Конечно, не в одной лишь России церковь по тем или иным соображениям способствовала созданию неограниченной власти монархии, способствовала победе самодержавной монархии над вельможными вольностями. Такое можно было наблюдать и в Европе, в частности в Англии, в том же XVI веке во времена современницы Ивана Грозного королевы Елизаветы I. Существенная разница, однако, состоит в том, что при неограниченной политической монархии в Англии сохранил экономическую власть СОБСТВЕННИК. Отсутствие собственника в России – вот что прежде всего отмечал английский посол при Иване Грозном Дженкинсон, являвшийся, кстати, активным сторонником англо-российского сближения. В России все были не только политическими, но и экономическими рабами самодержавной власти: и крестьяне, и вельможи, и купцы, не обладавшие свободой действия наподобие купцов византийских. Собственник в России возник слишком поздно, слишком робко и в обстоятельствах приближающегося государственного обвала, что не могло не наложить на него свои психологические черты. Да и холопства своего перед властью он до конца преодолеть не смог, поскольку в значительной степени был происхождения мужицко-кулацкого.

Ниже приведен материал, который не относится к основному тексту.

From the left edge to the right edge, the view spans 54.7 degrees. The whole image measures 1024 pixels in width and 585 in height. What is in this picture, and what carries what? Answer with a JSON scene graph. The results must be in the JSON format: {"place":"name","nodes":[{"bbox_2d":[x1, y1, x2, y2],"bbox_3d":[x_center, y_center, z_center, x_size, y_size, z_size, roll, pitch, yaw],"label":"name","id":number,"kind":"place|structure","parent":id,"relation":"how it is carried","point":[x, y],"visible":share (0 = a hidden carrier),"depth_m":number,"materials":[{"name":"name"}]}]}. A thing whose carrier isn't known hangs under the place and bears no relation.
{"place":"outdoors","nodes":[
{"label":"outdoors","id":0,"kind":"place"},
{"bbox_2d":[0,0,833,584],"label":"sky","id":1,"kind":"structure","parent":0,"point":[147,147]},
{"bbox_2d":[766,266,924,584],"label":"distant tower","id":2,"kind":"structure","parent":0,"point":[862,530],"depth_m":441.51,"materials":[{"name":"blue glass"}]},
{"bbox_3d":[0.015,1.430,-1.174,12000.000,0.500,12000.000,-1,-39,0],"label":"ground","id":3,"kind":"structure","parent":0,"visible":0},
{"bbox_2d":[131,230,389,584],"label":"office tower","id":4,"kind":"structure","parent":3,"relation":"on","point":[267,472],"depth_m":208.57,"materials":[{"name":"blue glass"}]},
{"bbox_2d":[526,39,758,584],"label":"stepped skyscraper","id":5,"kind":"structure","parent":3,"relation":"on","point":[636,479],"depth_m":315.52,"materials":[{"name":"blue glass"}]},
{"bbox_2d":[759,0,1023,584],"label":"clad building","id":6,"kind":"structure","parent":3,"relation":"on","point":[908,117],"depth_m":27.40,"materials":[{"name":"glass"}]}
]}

Нечто подобное можно наблюдать и ныне в среде посткоммунистического собственника. И это тоже не случайно несчастливо сложившиеся обстоятельства, а историческая традиция, закономерность с глубокими корнями.
Тут обнаруживается и вторая «русская язва», заложенная в XVI веке во времена Ивана Грозного. Окончательная победа московского военно-кочевого образа жизни над новгородским торгово-промышленным. Более столетия, начиная с деда Ивана Грозного Ивана III, современника Христофора Колумба, потратила монголоидная Москва на уничтожение новгородского русского собственника – индивидуалиста, угрожавшего русскому московскому абсолютизму не только и не столько экономически, сколько психологически. Тогда-то и были созданы (созданы искусственно, а не вытекали из так называемого «своеобразия русского характера») основы коллективизма русского человека, всё привыкшего делать общинно, «скопом». Созданы за много веков до сталинской коллективизации. Я убежден, по-настоящему сталинской коллективизации как идее сопротивлялось меньшинство. Большинство сопротивлялось чингисхановскому тупому насилию, сопровождавшему обобществление собственности. Да и то сопротивлялись главным образом на Украине, где общинная психология, созданная условиями земледельческого труда, была не столь развита.

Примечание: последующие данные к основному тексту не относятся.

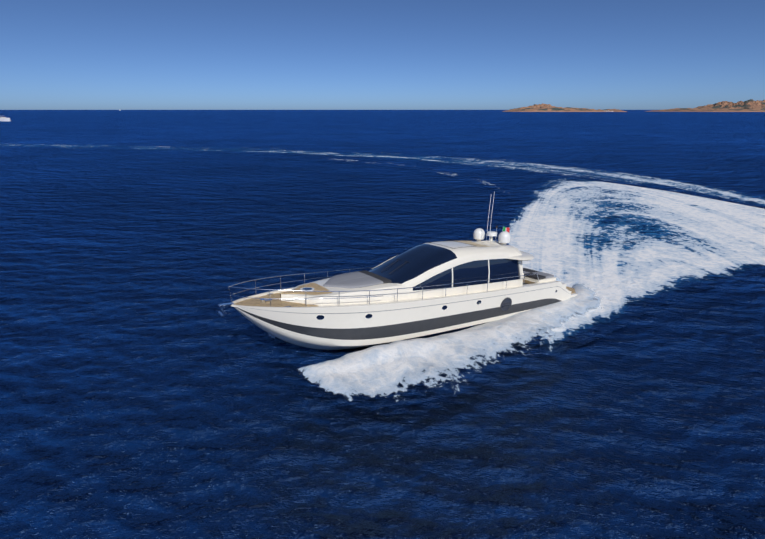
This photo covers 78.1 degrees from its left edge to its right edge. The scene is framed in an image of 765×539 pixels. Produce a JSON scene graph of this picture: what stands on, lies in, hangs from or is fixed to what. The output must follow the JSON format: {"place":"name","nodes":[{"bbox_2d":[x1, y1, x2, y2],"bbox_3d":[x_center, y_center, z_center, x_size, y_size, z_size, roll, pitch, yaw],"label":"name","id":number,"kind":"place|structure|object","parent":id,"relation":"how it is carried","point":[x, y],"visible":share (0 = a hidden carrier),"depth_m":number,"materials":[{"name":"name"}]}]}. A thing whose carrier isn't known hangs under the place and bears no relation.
{"place":"outdoors","nodes":[
{"label":"outdoors","id":0,"kind":"place"},
{"bbox_2d":[0,110,764,538],"bbox_3d":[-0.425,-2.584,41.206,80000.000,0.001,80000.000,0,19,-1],"label":"sea","id":1,"kind":"structure","parent":0,"point":[148,390],"depth_m":20.90,"materials":[{"name":"liquid"}]},
{"bbox_2d":[0,117,10,120],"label":"boat","id":2,"kind":"object","parent":1,"relation":"on","point":[4,119],"visible":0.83,"depth_m":454.35,"materials":[{"name":"white"}]},
{"bbox_2d":[0,142,764,208],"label":"wake trail","id":3,"kind":"object","parent":1,"relation":"on","point":[664,183],"visible":0.98,"depth_m":99.36,"materials":[{"name":"liquid"}]},
{"bbox_2d":[269,154,511,200],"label":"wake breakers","id":4,"kind":"object","parent":1,"relation":"on","point":[496,187],"visible":1,"depth_m":94.03,"materials":[{"name":"liquid"}]},
{"bbox_2d":[218,192,576,349],"bbox_3d":[2.354,-0.218,24.615,21.214,7.530,4.963,-7,14,-31],"label":"yacht","id":5,"kind":"object","parent":1,"relation":"on","point":[425,289],"visible":0.98,"depth_m":22.39,"materials":[{"name":"white plastic"}]},
{"bbox_2d":[268,273,562,338],"bbox_3d":[2.721,0.841,29.331,22.022,1.074,5.951,-10,21,-27],"label":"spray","id":6,"kind":"object","parent":1,"relation":"on","point":[557,279],"visible":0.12,"depth_m":31.27,"materials":[{"name":"liquid"}]},
{"bbox_2d":[298,283,601,401],"bbox_3d":[6.535,2.939,23.402,22.022,0.904,6.283,-12,22,-32],"label":"spray","id":7,"kind":"object","parent":1,"relation":"on","point":[372,372],"visible":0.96,"depth_m":20.65,"materials":[{"name":"liquid"}]},
{"bbox_2d":[502,103,626,111],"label":"island","id":8,"kind":"structure","parent":1,"relation":"on","point":[542,107],"depth_m":2421.97,"materials":[{"name":"brown stone"}]},
{"bbox_2d":[497,174,764,355],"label":"wake","id":9,"kind":"object","parent":1,"relation":"on","point":[627,254],"visible":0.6,"depth_m":40.03,"materials":[{"name":"liquid"}]},
{"bbox_2d":[0,0,764,109],"label":"sky","id":10,"kind":"structure","parent":0,"point":[55,54],"materials":[{"name":"blue"}]},
{"bbox_2d":[646,99,764,111],"bbox_3d":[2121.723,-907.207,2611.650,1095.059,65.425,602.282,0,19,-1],"label":"island","id":11,"kind":"structure","parent":0,"point":[751,105],"depth_m":2496.03,"materials":[{"name":"brown stone"}]}
]}

Во времена так называемой столыпинской реформы выйти из общины и взять землю согласилось лишь 25 процентов крестьян. Подобное, но еще в более ухудшенном виде, приходится наблюдать и ныне. Колхозное и совхозное крестьянство в массе своей не хочет становиться землевладельцем. Приводятся многочисленные объяснения, точнее, оправдания этому факту, разочаровывающему самые «светлые антисоветские мечты». Многие из этих объяснений справедливы. Но главное объяснение все же психологическое, т. е. чувственное, попадающее под законы сенсуализма и могущее быть выраженным лингвистически, в духе «Семёнов Никитичей» Глеба Успенского, знатока «русских мелочей жизни»: «Мы этим не занимаемся, нешто мы ученые».
Причем если в XIX веке, во времена Глеба Успенского, большинство простонародья жило в деревнях, было неграмотно и обладало общинным сознанием, противоположным городскому индивидуализму и быту городских мещан, то ныне, после переселения деревенских масс в города и сплошной «социализации труда», в обществе образовалась единая хаотичная деревенско-городская куча, где миллионы «живут как прочие» – «сплошным бытом». Через этот ребяческий возраст человечества прошли все народы, но счастливое сочетание исторических обстоятельств и географических условий помогло народам Европы вовремя отделаться от него, давно забыв об общинах. Затянувшееся ребячество – вот что сделало для России историю мачехой. И к главной причине такого «исторического ребячества» надо отнести азиатско-монгольскую оккупацию, превратившую Россию ПСИХОЛОГИЧЕСКИ из страны Запада в страну Востока. Попытки Новгорода восстановить западничество были насильственно, погромно прерваны главным золото-ордынским продолжателем на Руси, главным в прошлом монгольским сателлитом – монголоидной Московией.